## Extracted records
┏━━

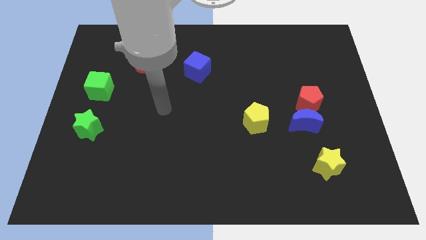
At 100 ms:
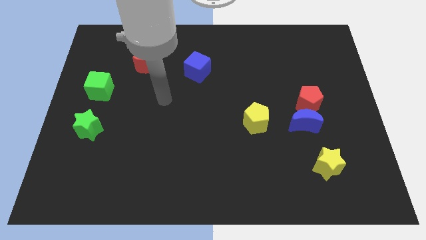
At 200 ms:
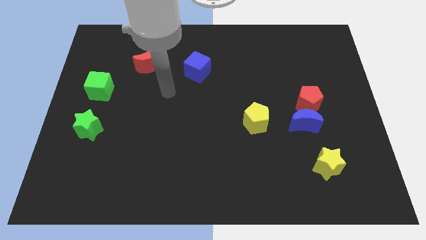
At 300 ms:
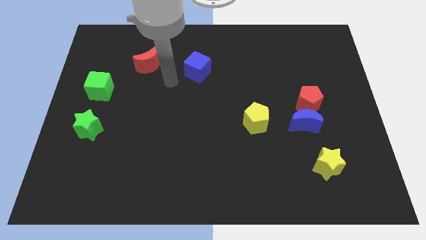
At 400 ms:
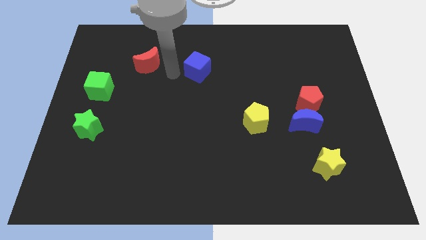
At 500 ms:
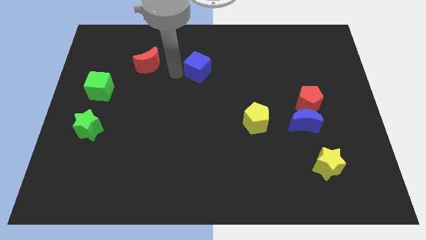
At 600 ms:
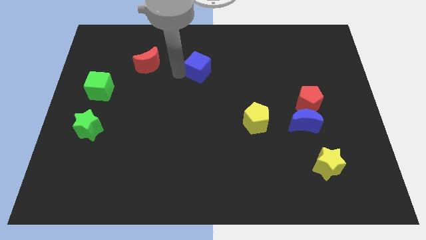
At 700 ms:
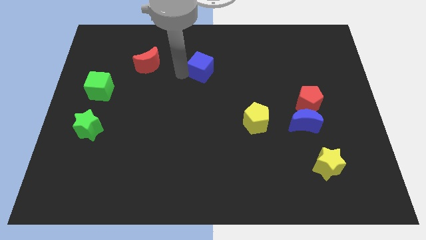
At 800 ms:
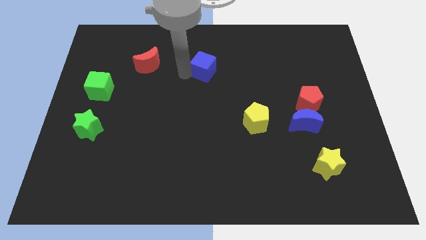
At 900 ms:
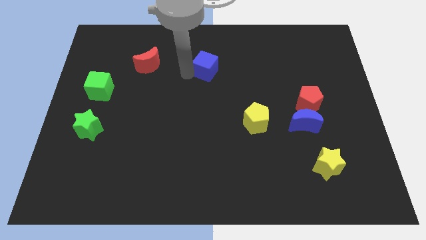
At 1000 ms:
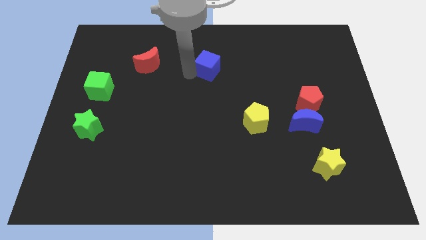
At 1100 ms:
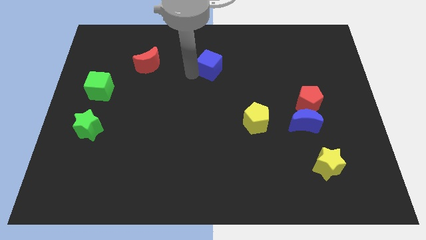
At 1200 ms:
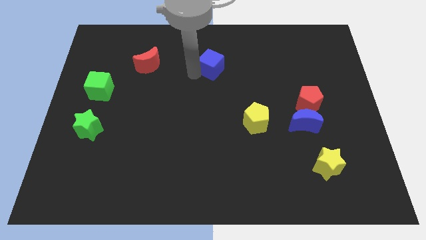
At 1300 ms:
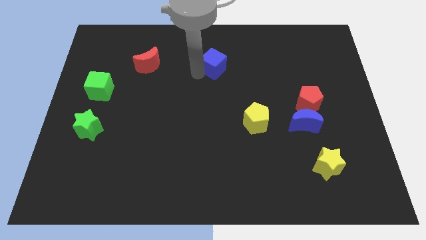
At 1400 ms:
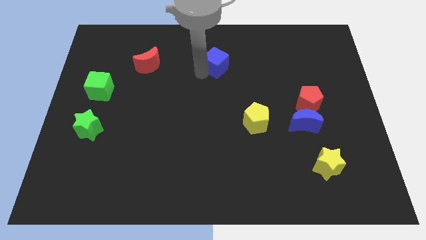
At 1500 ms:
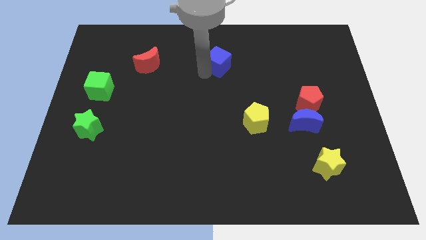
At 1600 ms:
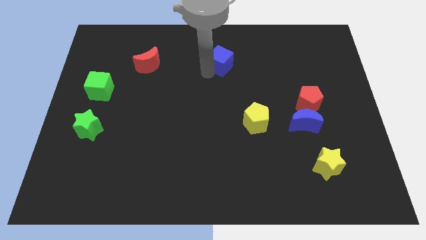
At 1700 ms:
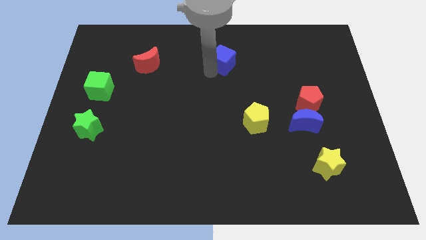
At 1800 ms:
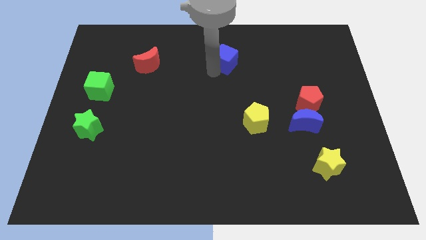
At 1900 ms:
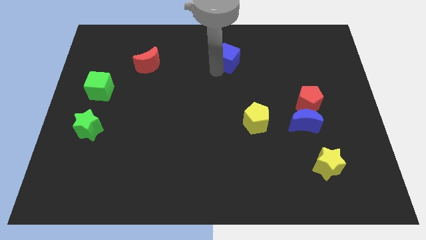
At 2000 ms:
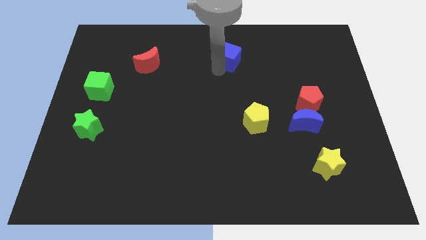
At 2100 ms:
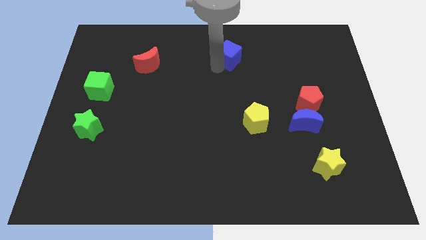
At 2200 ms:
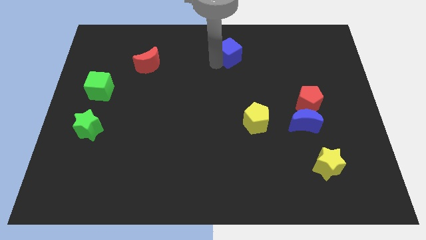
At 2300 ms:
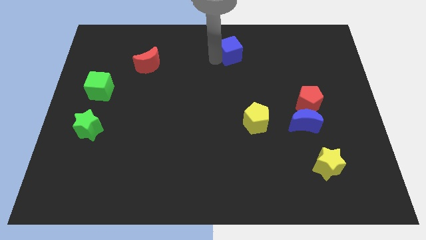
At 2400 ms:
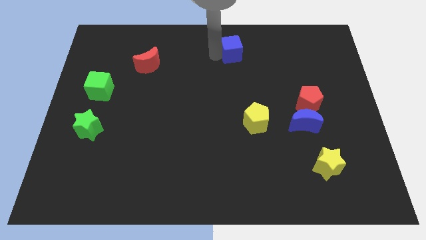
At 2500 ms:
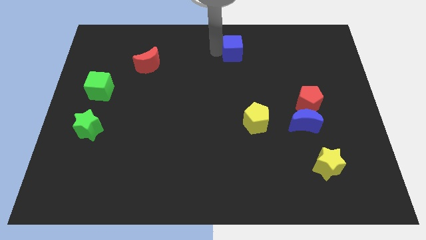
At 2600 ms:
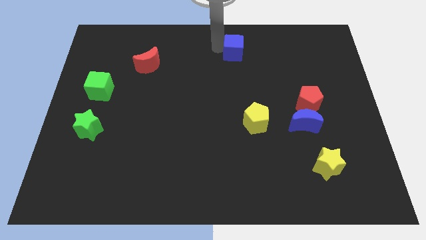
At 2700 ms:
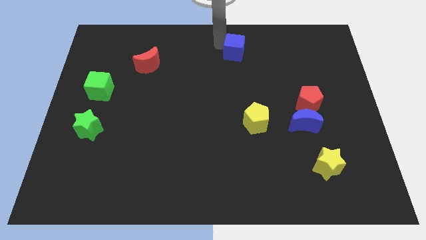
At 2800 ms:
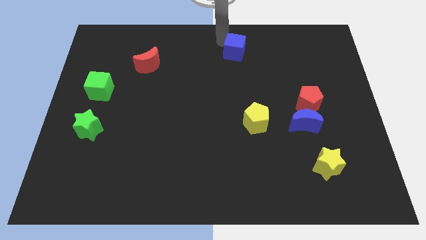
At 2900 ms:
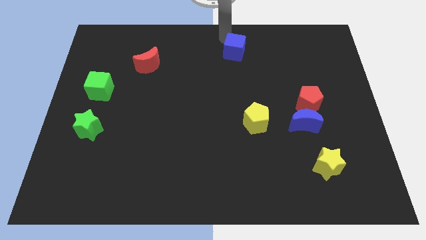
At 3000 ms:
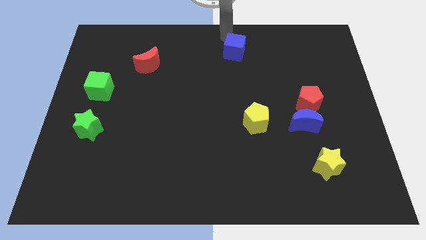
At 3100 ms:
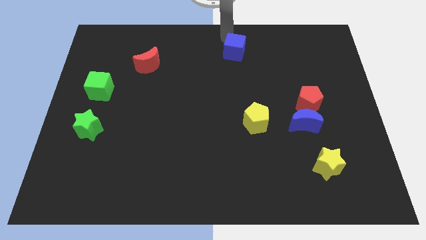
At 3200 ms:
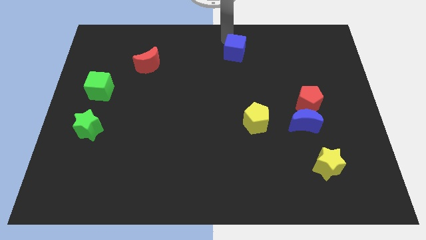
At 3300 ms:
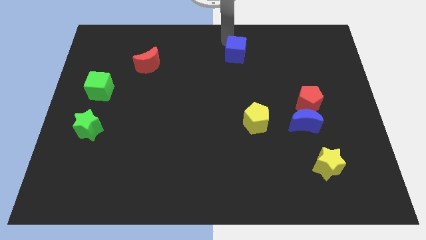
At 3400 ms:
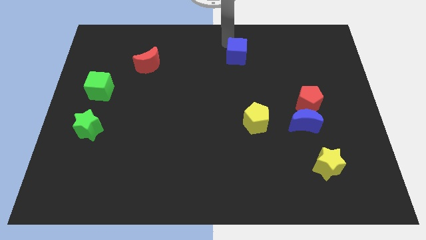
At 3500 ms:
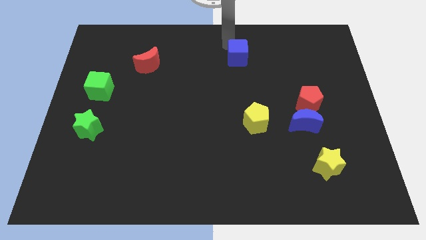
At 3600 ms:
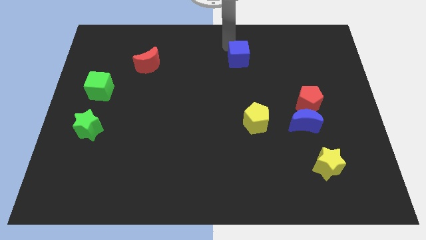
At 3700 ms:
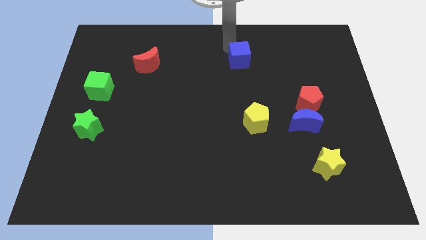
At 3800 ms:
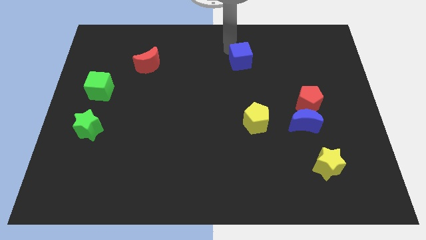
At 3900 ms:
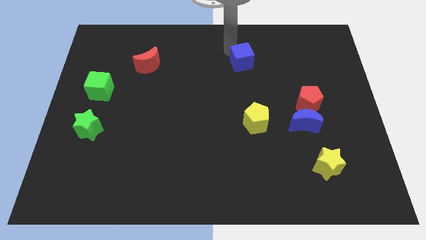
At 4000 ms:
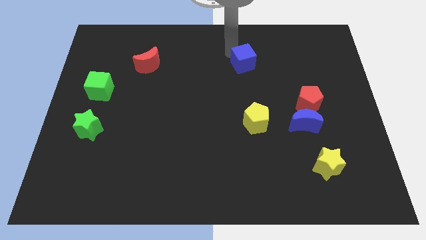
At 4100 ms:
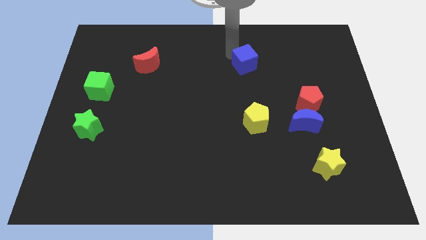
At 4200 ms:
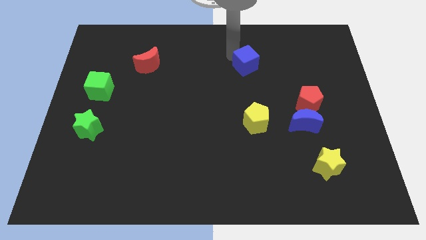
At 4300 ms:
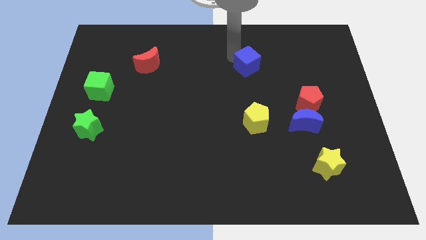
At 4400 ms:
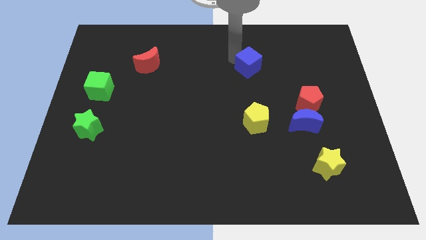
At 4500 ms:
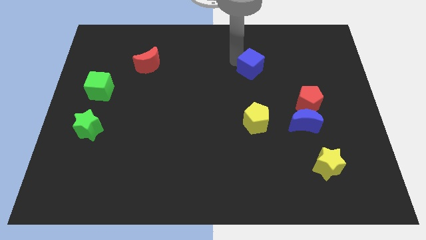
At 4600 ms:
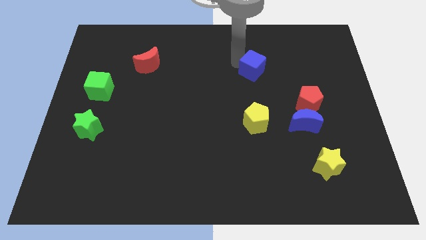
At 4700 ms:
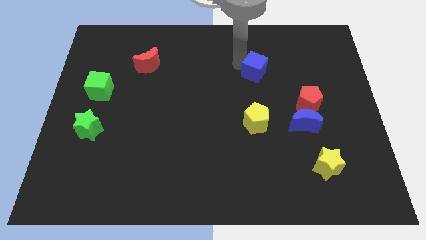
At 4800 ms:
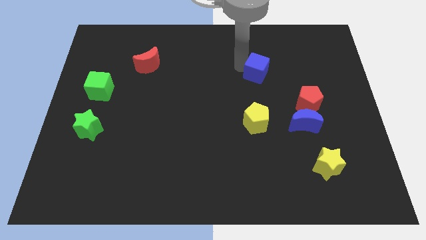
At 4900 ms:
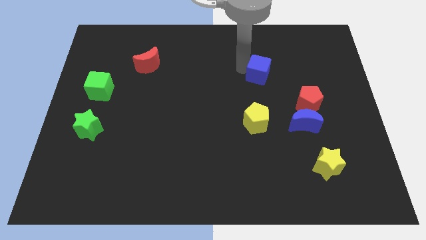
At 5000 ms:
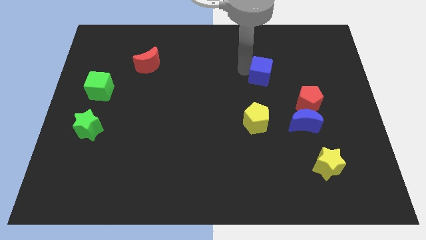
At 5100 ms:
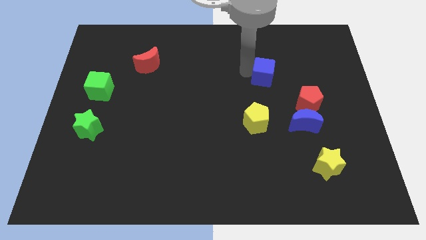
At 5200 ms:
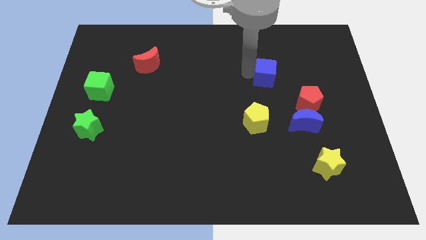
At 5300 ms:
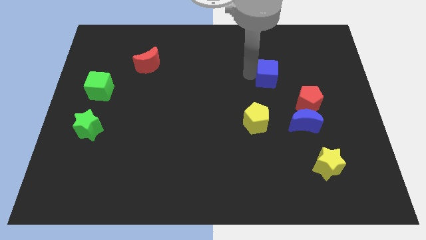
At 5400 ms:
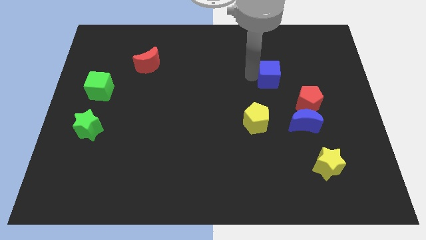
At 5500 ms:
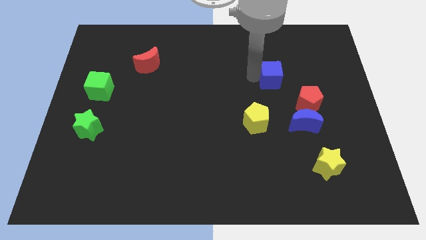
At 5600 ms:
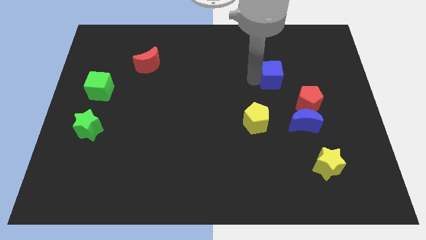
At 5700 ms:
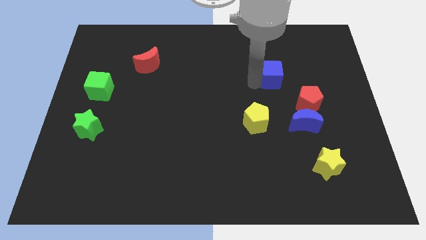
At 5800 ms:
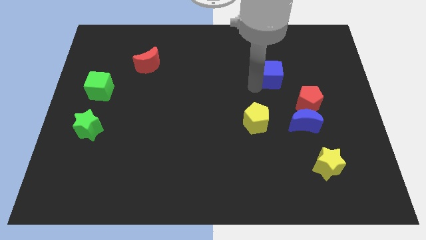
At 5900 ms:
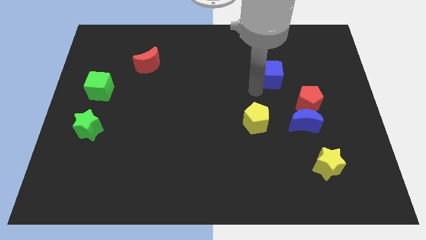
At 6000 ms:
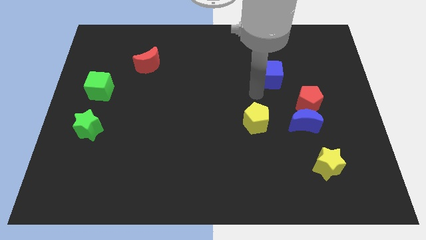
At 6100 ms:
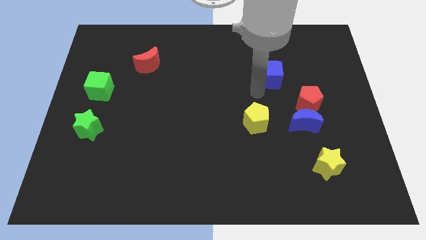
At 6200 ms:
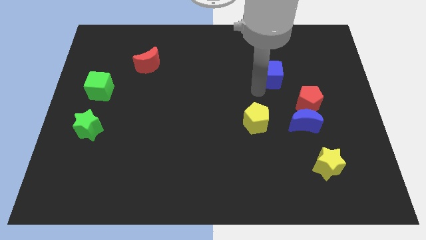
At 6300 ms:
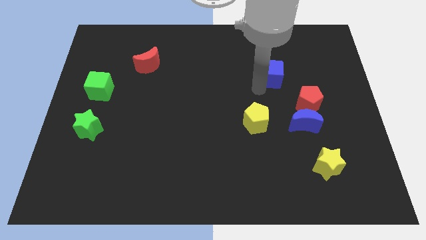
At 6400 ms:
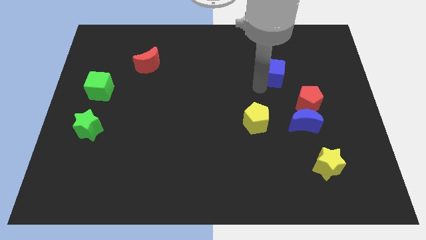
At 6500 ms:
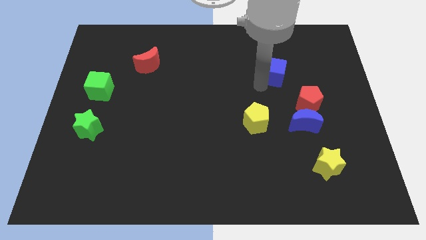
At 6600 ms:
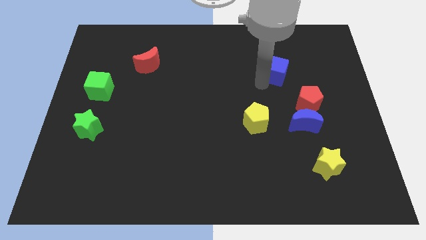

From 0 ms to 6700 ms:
push the blue cube to the right

┗━━

## Work instruction
In your copy, repeat each record exactly and include no pictures.

## Exercise result
At 100 ms:
At 200 ms:
At 300 ms:
At 400 ms:
At 500 ms:
At 600 ms:
At 700 ms:
At 800 ms:
At 900 ms:
At 1000 ms:
At 1100 ms:
At 1200 ms:
At 1300 ms:
At 1400 ms:
At 1500 ms:
At 1600 ms:
At 1700 ms:
At 1800 ms:
At 1900 ms:
At 2000 ms:
At 2100 ms:
At 2200 ms:
At 2300 ms:
At 2400 ms:
At 2500 ms:
At 2600 ms:
At 2700 ms:
At 2800 ms:
At 2900 ms:
At 3000 ms:
At 3100 ms:
At 3200 ms:
At 3300 ms:
At 3400 ms:
At 3500 ms:
At 3600 ms:
At 3700 ms:
At 3800 ms:
At 3900 ms:
At 4000 ms:
At 4100 ms:
At 4200 ms:
At 4300 ms:
At 4400 ms:
At 4500 ms:
At 4600 ms:
At 4700 ms:
At 4800 ms:
At 4900 ms:
At 5000 ms:
At 5100 ms:
At 5200 ms:
At 5300 ms:
At 5400 ms:
At 5500 ms:
At 5600 ms:
At 5700 ms:
At 5800 ms:
At 5900 ms:
At 6000 ms:
At 6100 ms:
At 6200 ms:
At 6300 ms:
At 6400 ms:
At 6500 ms:
At 6600 ms:

From 0 ms to 6700 ms:
push the blue cube to the right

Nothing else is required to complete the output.